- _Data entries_
★ ★ ★ ★ ★ ★ ★

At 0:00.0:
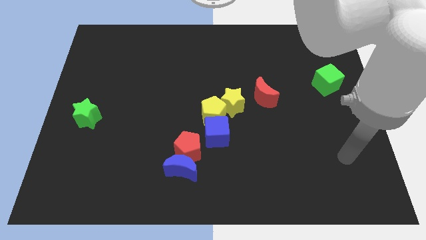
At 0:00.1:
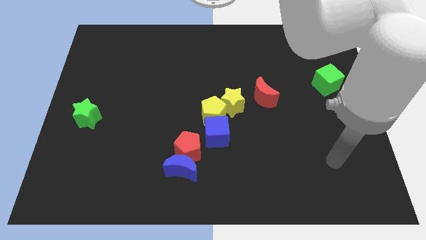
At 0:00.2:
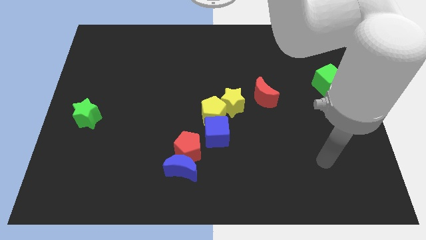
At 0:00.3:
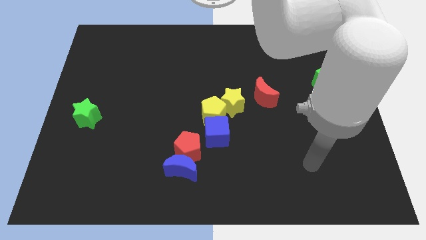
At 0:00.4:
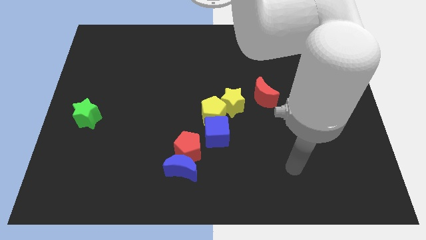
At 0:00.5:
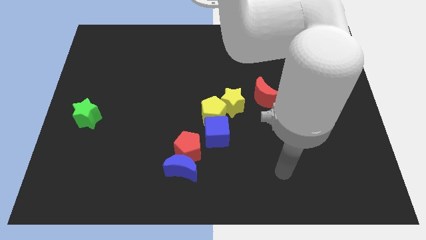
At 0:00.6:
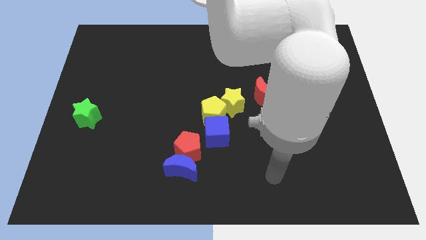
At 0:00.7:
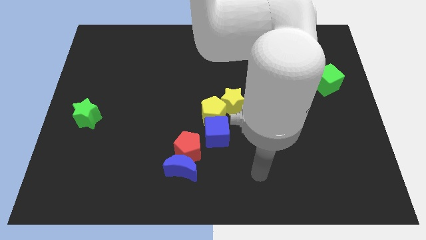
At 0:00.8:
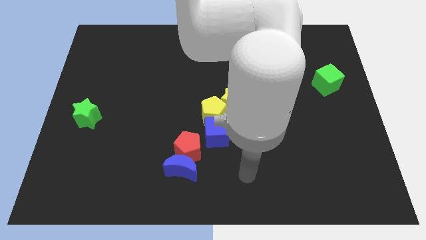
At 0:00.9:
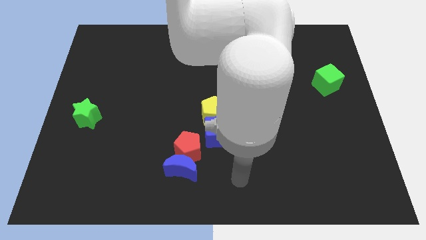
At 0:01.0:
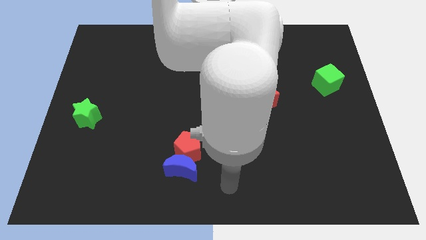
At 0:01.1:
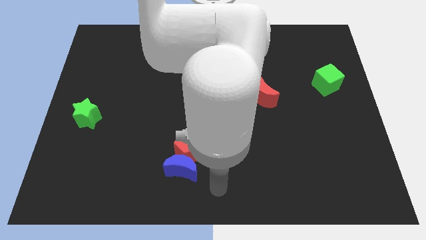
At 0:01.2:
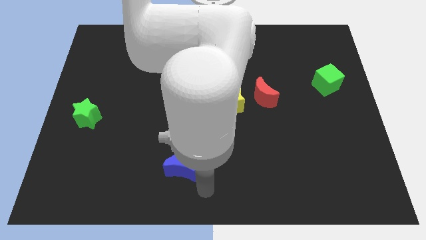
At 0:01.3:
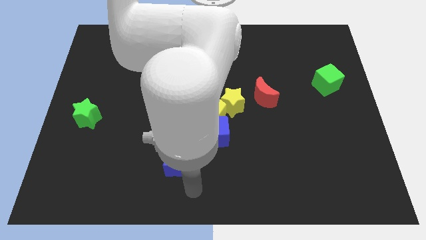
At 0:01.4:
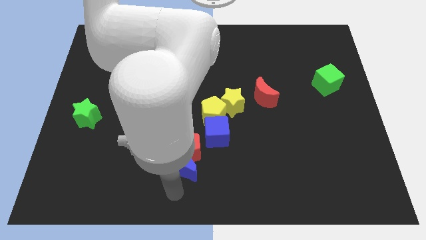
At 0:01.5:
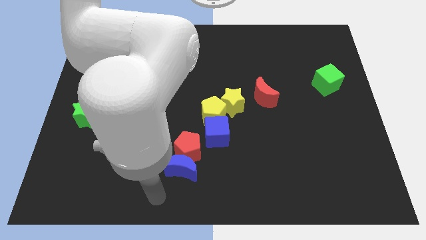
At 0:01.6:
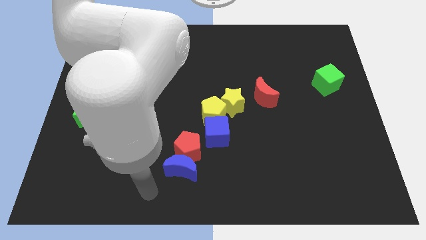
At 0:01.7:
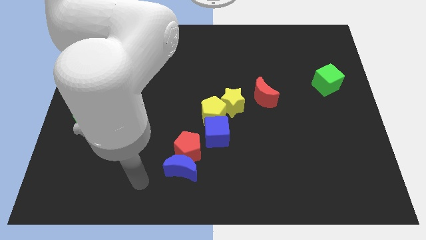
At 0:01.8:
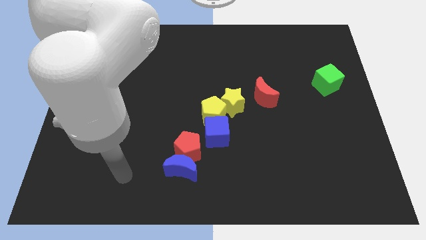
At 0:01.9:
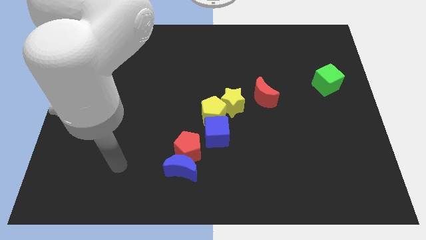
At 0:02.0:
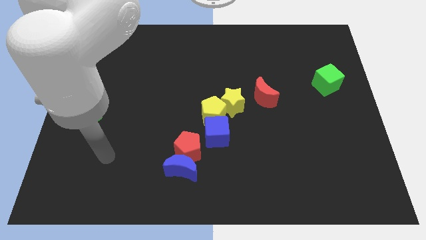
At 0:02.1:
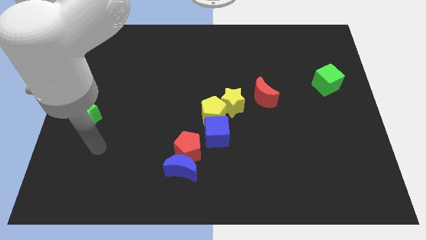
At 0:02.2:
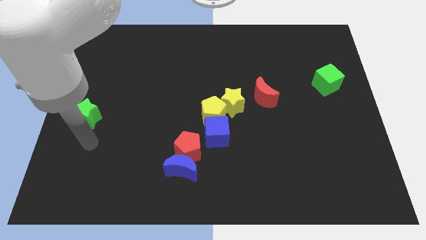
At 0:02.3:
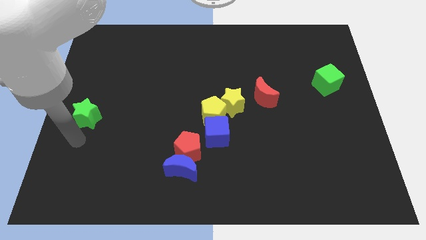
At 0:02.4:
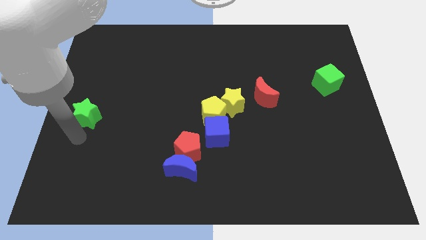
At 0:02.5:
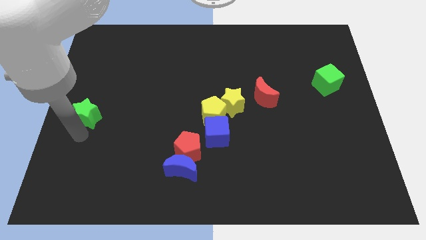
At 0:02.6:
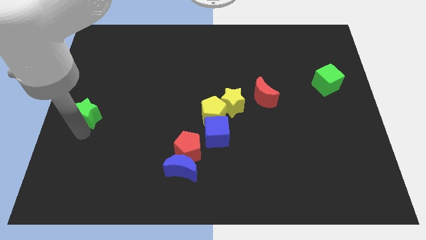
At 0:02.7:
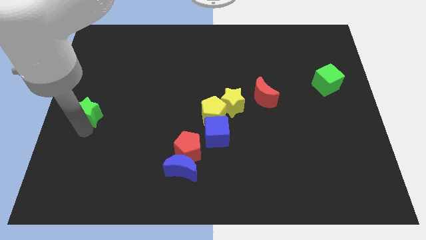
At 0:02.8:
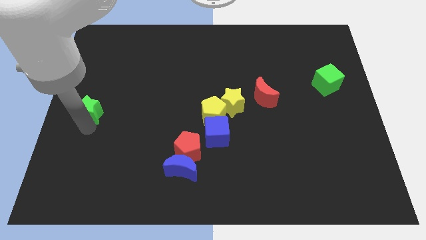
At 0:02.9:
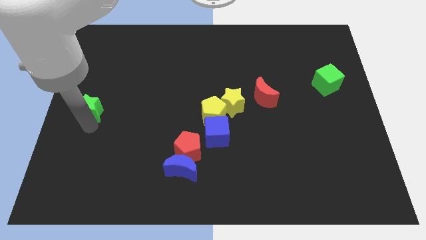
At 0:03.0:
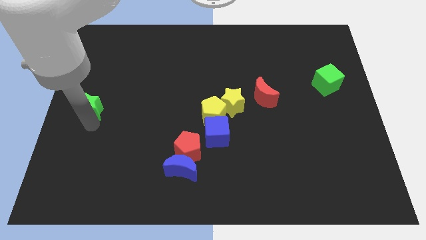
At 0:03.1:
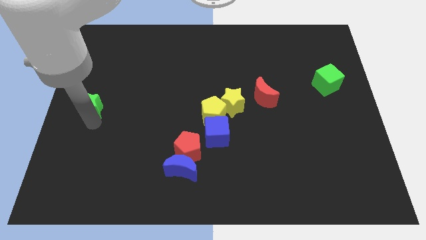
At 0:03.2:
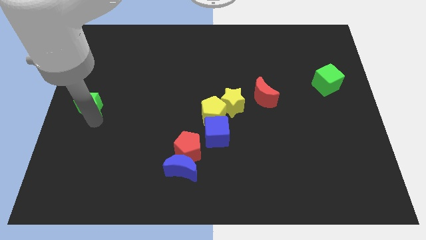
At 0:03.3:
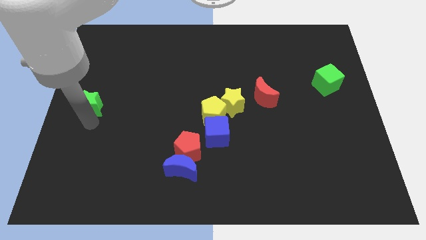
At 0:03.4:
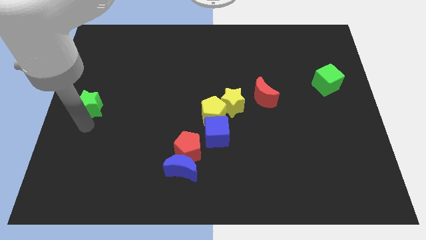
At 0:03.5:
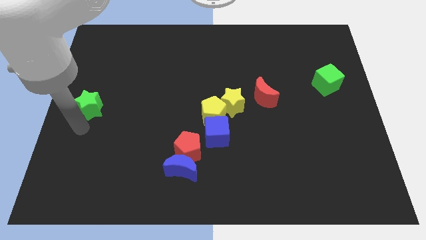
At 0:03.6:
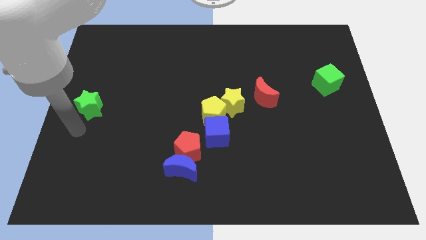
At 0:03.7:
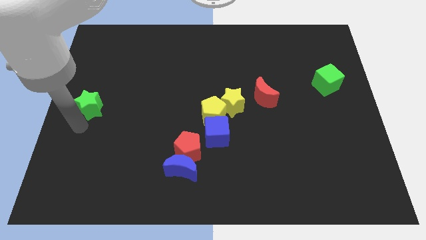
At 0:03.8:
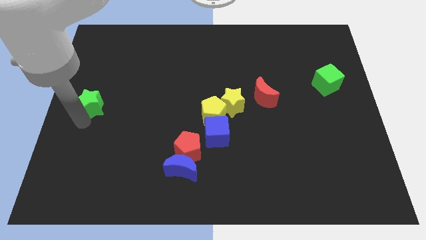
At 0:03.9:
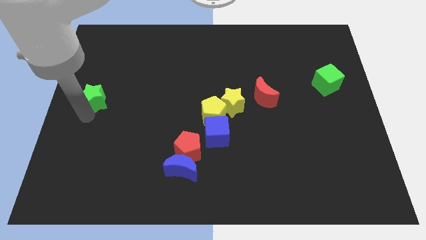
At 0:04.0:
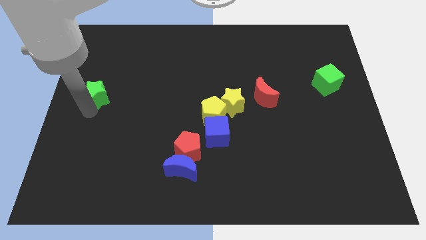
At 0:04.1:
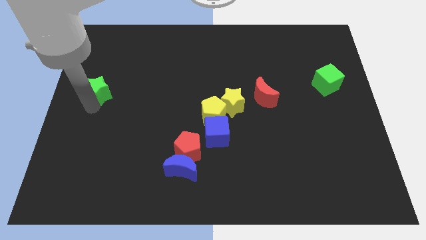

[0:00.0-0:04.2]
push the green star upwards a little

★ ★ ★ ★ ★ ★ ★

- _What to produce_
Every line above should be output exactly, except for the pictures.

- _Output for this exercise_
At 0:00.0:
At 0:00.1:
At 0:00.2:
At 0:00.3:
At 0:00.4:
At 0:00.5:
At 0:00.6:
At 0:00.7:
At 0:00.8:
At 0:00.9:
At 0:01.0:
At 0:01.1:
At 0:01.2:
At 0:01.3:
At 0:01.4:
At 0:01.5:
At 0:01.6:
At 0:01.7:
At 0:01.8:
At 0:01.9:
At 0:02.0:
At 0:02.1:
At 0:02.2:
At 0:02.3:
At 0:02.4:
At 0:02.5:
At 0:02.6:
At 0:02.7:
At 0:02.8:
At 0:02.9:
At 0:03.0:
At 0:03.1:
At 0:03.2:
At 0:03.3:
At 0:03.4:
At 0:03.5:
At 0:03.6:
At 0:03.7:
At 0:03.8:
At 0:03.9:
At 0:04.0:
At 0:04.1:

[0:00.0-0:04.2]
push the green star upwards a little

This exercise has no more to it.